▸ YOUR INSTRUCTIONS:
Your task is to give the records again exactly. Leave each picture out.

Extracted data entries
+ + + + + + +

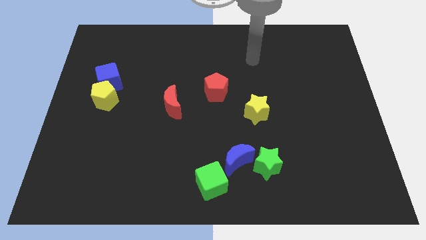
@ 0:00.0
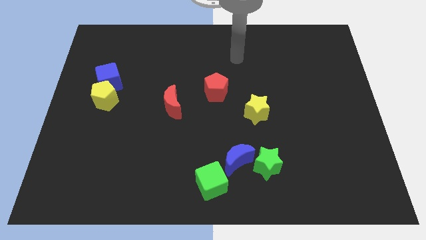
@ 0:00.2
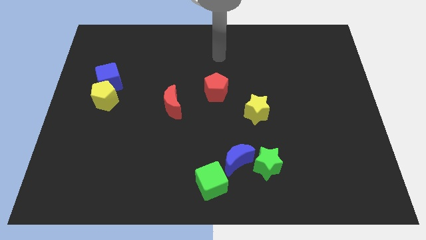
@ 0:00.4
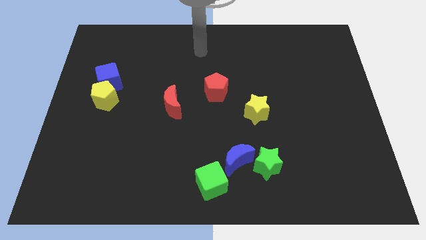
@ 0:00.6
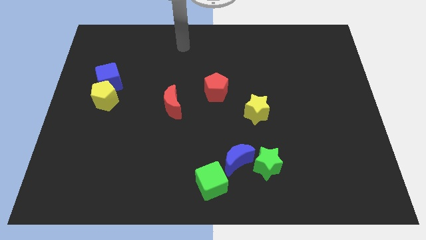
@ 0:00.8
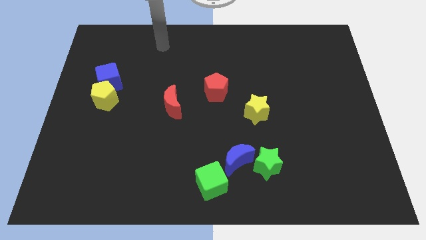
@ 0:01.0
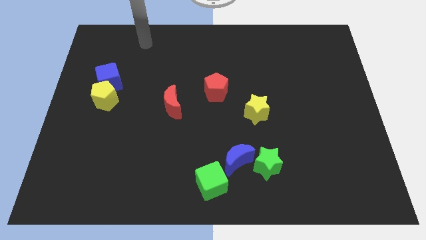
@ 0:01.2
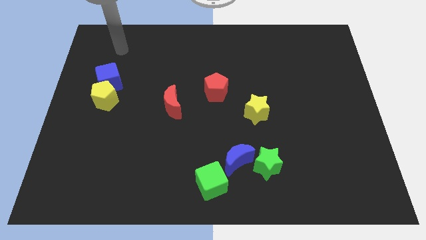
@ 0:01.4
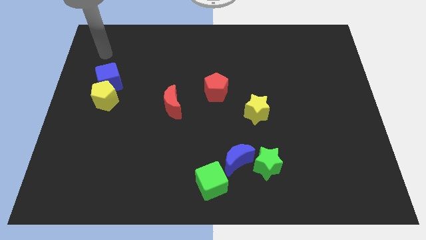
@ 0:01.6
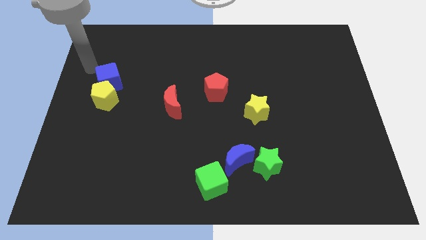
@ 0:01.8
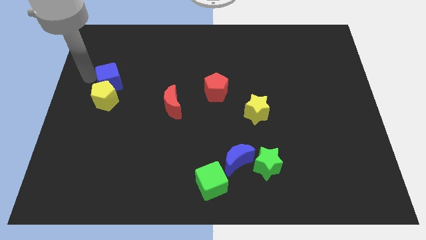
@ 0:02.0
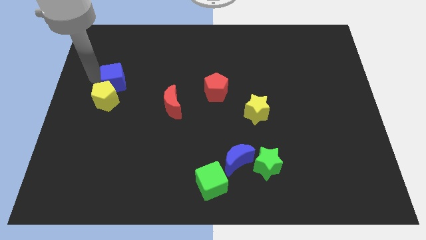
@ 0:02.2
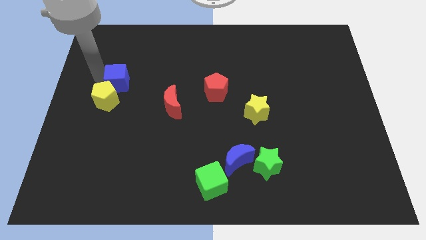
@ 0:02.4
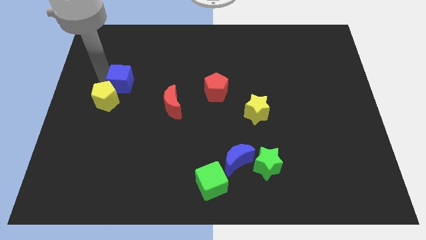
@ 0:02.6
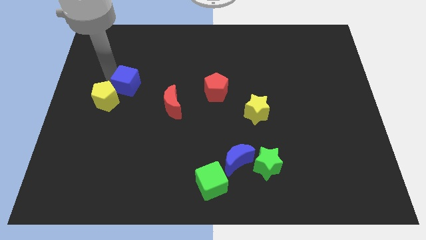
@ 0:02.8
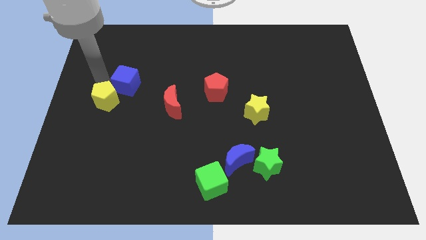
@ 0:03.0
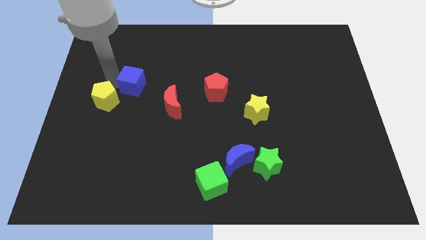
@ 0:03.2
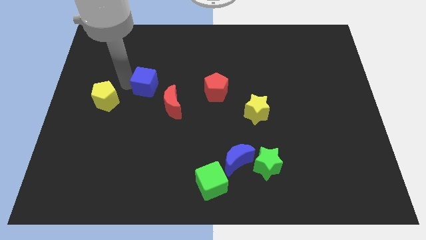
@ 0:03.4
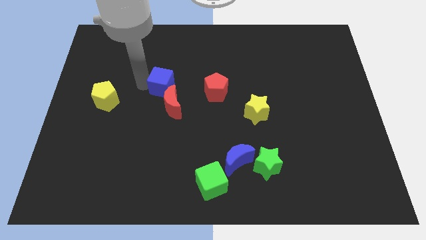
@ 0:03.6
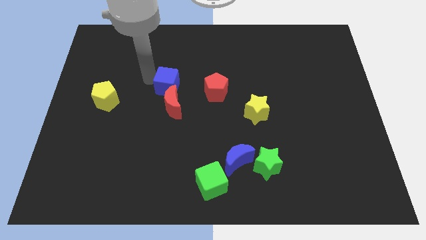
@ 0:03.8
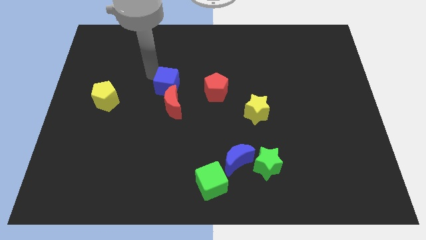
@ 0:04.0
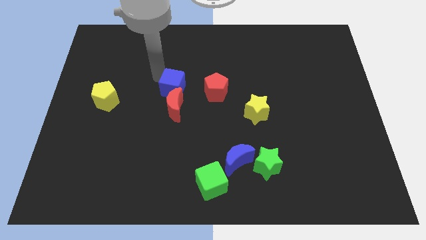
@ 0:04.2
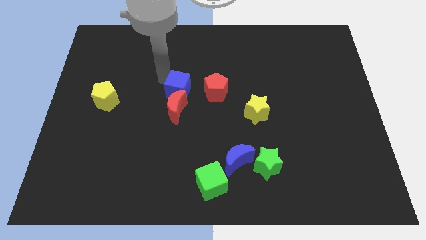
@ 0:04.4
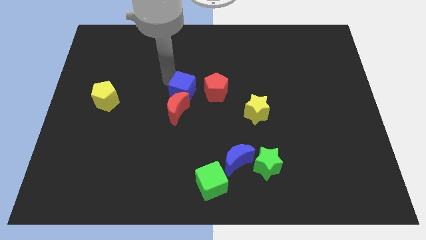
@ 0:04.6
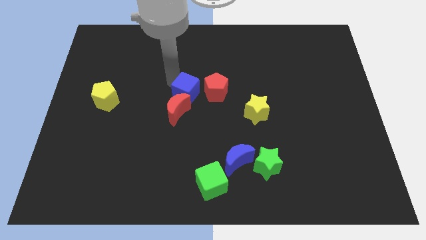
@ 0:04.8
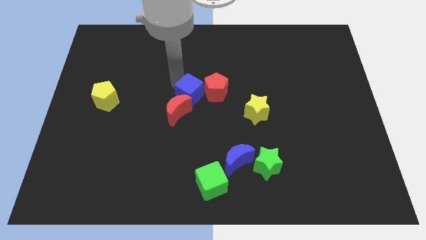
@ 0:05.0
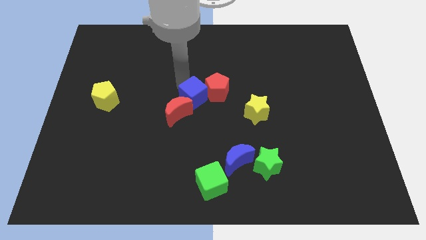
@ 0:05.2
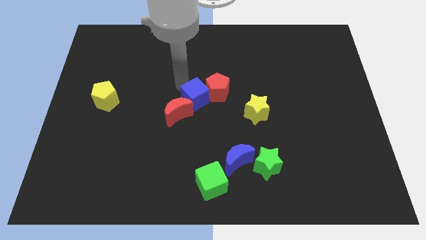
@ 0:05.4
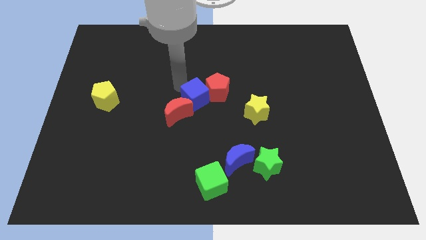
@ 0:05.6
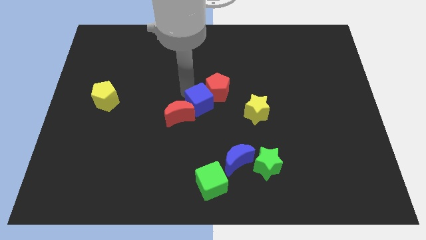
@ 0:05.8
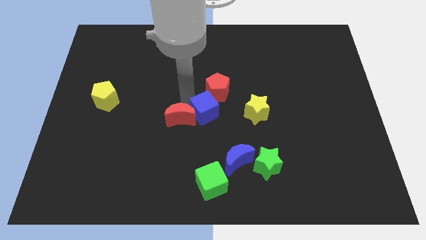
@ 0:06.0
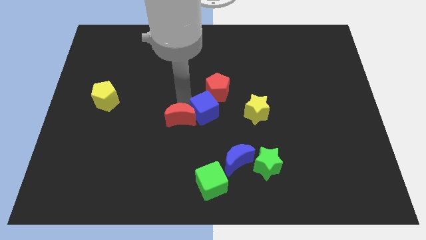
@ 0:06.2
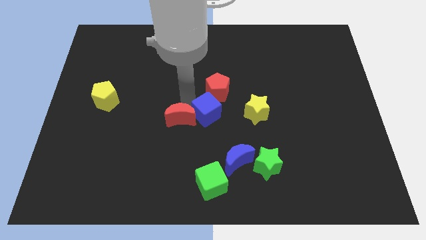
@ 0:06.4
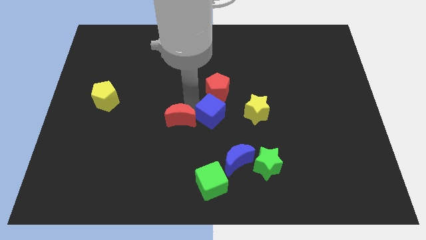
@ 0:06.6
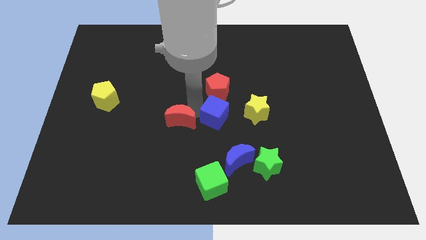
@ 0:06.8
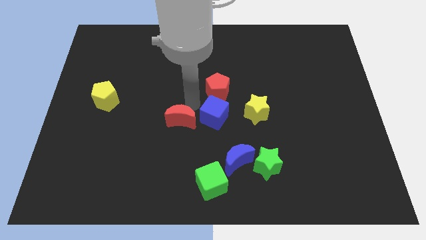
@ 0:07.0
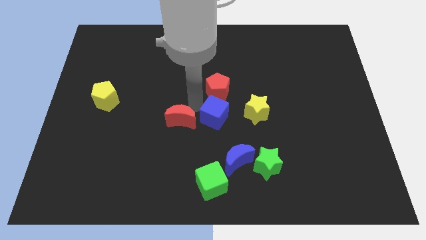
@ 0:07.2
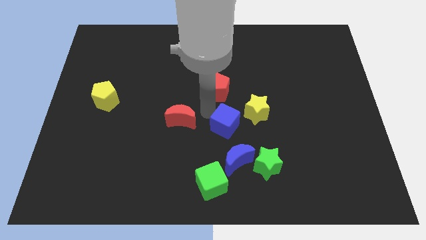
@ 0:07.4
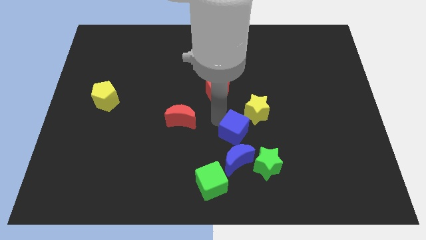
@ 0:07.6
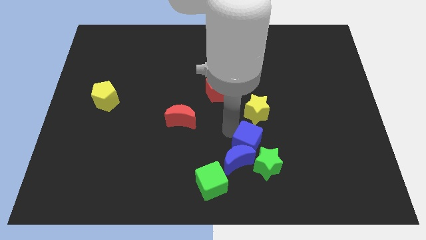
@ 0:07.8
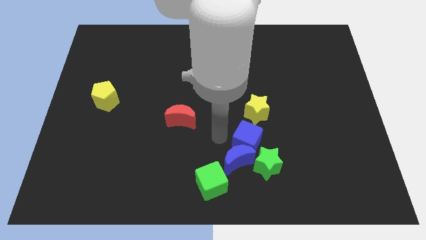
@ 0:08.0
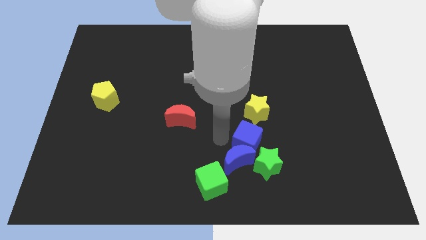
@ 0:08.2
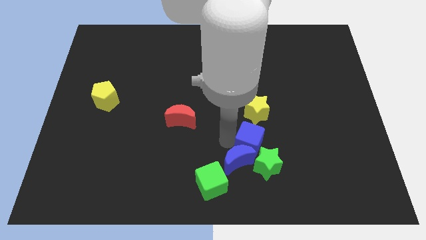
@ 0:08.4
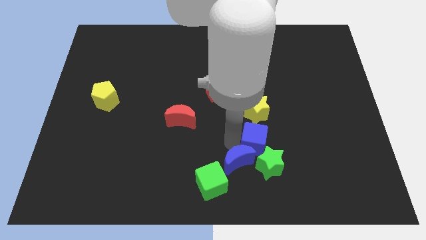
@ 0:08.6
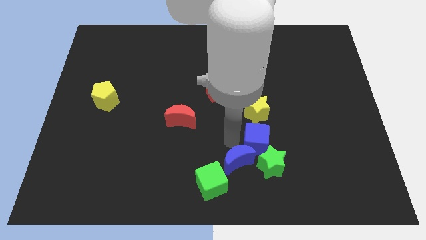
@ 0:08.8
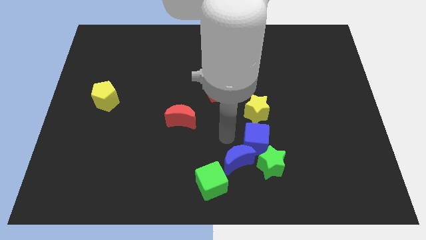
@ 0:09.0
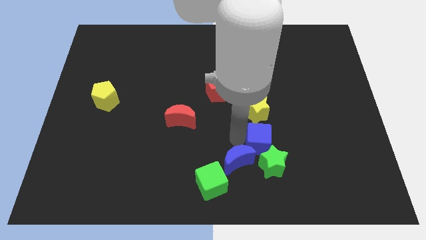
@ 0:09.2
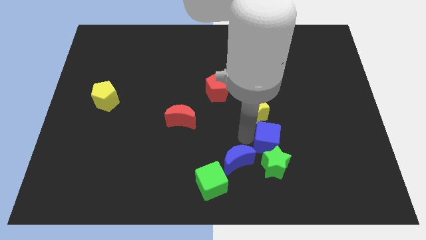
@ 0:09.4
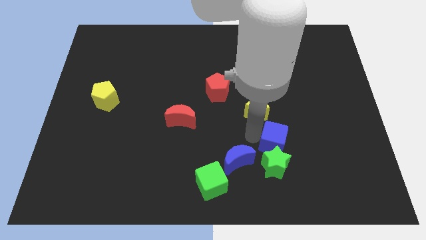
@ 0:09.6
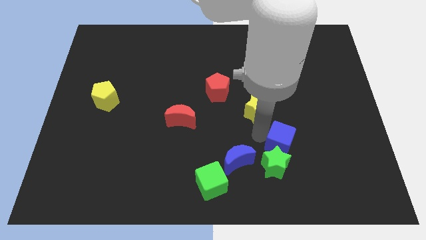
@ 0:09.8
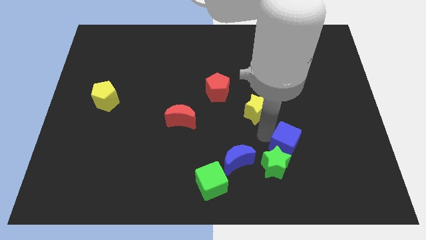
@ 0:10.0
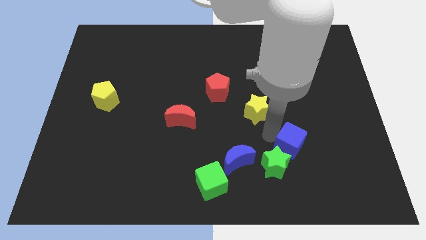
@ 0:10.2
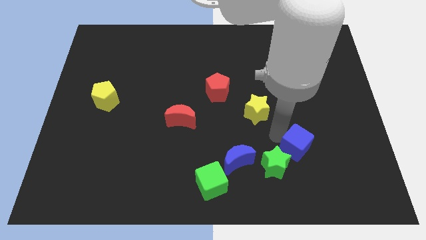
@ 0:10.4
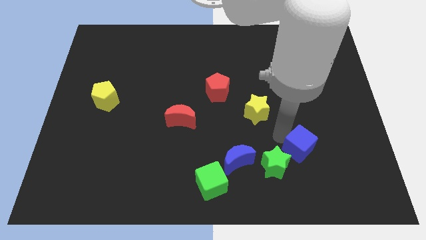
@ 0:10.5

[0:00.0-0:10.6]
move the blue cube right of the green star

+ + + + + + +

▸ TASK OUTPUT:
@ 0:00.0
@ 0:00.2
@ 0:00.4
@ 0:00.6
@ 0:00.8
@ 0:01.0
@ 0:01.2
@ 0:01.4
@ 0:01.6
@ 0:01.8
@ 0:02.0
@ 0:02.2
@ 0:02.4
@ 0:02.6
@ 0:02.8
@ 0:03.0
@ 0:03.2
@ 0:03.4
@ 0:03.6
@ 0:03.8
@ 0:04.0
@ 0:04.2
@ 0:04.4
@ 0:04.6
@ 0:04.8
@ 0:05.0
@ 0:05.2
@ 0:05.4
@ 0:05.6
@ 0:05.8
@ 0:06.0
@ 0:06.2
@ 0:06.4
@ 0:06.6
@ 0:06.8
@ 0:07.0
@ 0:07.2
@ 0:07.4
@ 0:07.6
@ 0:07.8
@ 0:08.0
@ 0:08.2
@ 0:08.4
@ 0:08.6
@ 0:08.8
@ 0:09.0
@ 0:09.2
@ 0:09.4
@ 0:09.6
@ 0:09.8
@ 0:10.0
@ 0:10.2
@ 0:10.4
@ 0:10.5

[0:00.0-0:10.6]
move the blue cube right of the green star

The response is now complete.